Он прижал к губам ее руку и все не отпускал.

Поланецкий из деликатности отошел в сторону с мыслью: «Они видятся последний раз. Через какие-нибудь полгода и закон их разлучит».

И его поразила странная схожесть судьбы матери и дочери. Обе как будто удачно вышли замуж, и обеих мужья бросили, обрекая на одиночество и позор.

Раздался третий звонок. Машко поднялся в вагон. В большом окне спального купе показались его бакенбарды, пенсне на золотой цепочке, но поезд уже тронулся и исчез в темноте.

– Я к вашим услугам, – сказал Поланецкий.

Он был почти уверен, что Тереза поблагодарит и откажется.

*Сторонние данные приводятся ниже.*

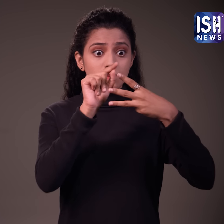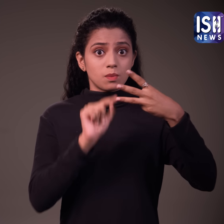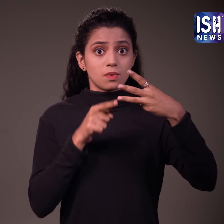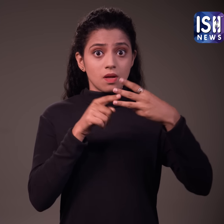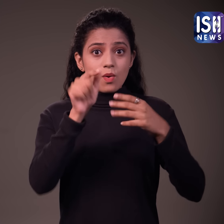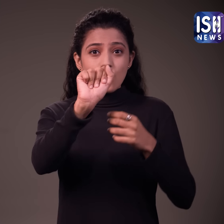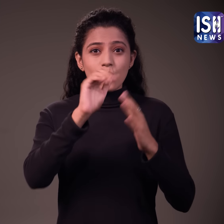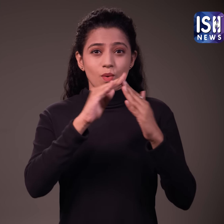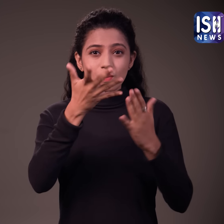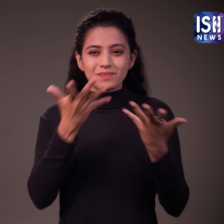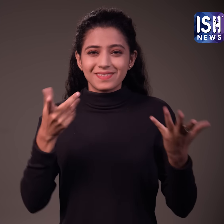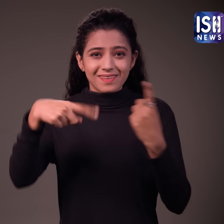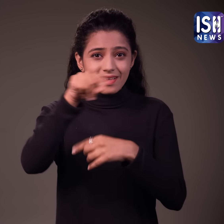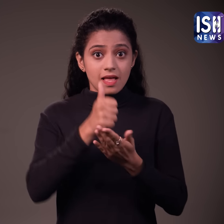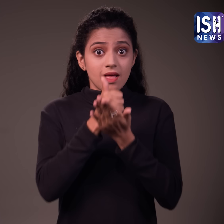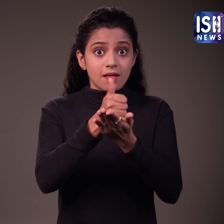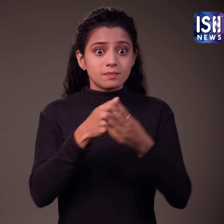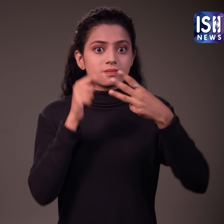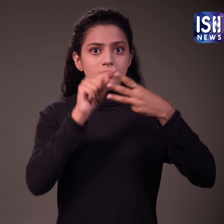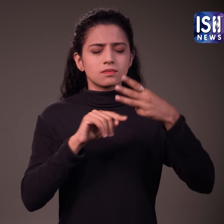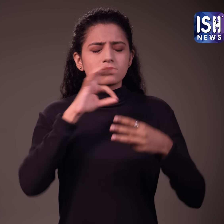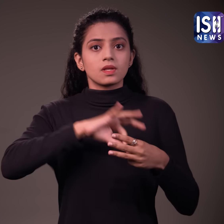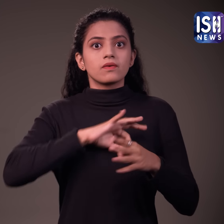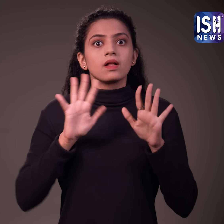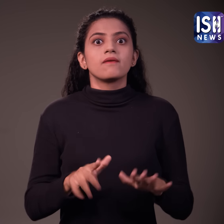यहां चटकों से चुटकारा पाने के तीन तरीके दिये गए है

И уже наперед на нее за это рассердился, так как собирался поговорить не только о муже, но и о себе. Но она кивнула в знак согласия. У нее были свои счеты с Поланецким, на которого она затаила горькую обиду, решив теперь хорошенько его проучить, если он опять захочет воспользоваться тем, что они останутся наедине.

Но она глубоко заблуждалась. Поланецкий, чья жизнь чуть не разбилась из-за нее, как лодка об утес, питал к ней острую неприязнь; больше того: какое-то время даже ненависть. После, уразумев собственную вину, перестал ненавидеть – и внутренне настолько переменился, что вообще сделался другим человеком. Прикинув приход-расход, он убедился, что интрижка эта обойдется ему слишком дорого; да и устал он от всякого криводушия, и раскаяние, угрызения совести уничтожили его страсть, как ржавчина – железо. Подсаживая Терезу в пролетку, Поланецкий нечаянно коснулся ее руки, но это его нисколько уже не взволновало, и, сев рядом с ней, он сразу заговорил о Машко, чтобы из простого человеколюбия подготовить ее к надвигающейся катастрофе и тем смягчить удар.

– Удивляюсь вашему мужу, его безрассудной смелости, – сказал он. – Достаточно ведь обрушиться какому-нибудь железнодорожному мосту, пока он в Берлине, и ему уже не поспеть к слушанию дела, от успеха которого зависит, как вы, наверно, знаете, вся его дальнейшая судьба. Уехать его заставили, без сомнения, веские причины, но это все-таки рискованный шаг.

– Надеюсь, мост не обрушится, – ответила она.

Не обращая внимания на этот не слишком любезный тон, он продолжал, однако, толковать свое, понемногу приоткрывая перед ней завесу над будущим, и не заметил даже, как они подъехали к ее дому. Не понимавшая, куда он клонит, а может быть, раздосадованная, что сразу же не поставила его на место, Тереза спросила, выйдя из пролетки:

– Вы, кажется, нарочно задались целью напугать меня?

– Нет, – возразил Поланецкий, решив, что настал момент самому с ней объясниться. – У меня в отношении вас одна только цель: признать, что я вел себя недостойно, и от всего сердца попросить прощения.

Не сказав ни слова, молодая женщина скрылась в подъезде. И Поланецкий так никогда и не узнал, что крылось за этим молчанием: злоба или прощение.

Однако на душе от сознания исполненного долга стало легче. Для него это был акт покаяния, а как к нему отнеслась Тереза, было ему безразлично. «Может, она подумала, что я прошу прощения за то, как вел себя потом, – сказал он себе. – Но так или иначе, я могу теперь прямо смотреть ей в глаза».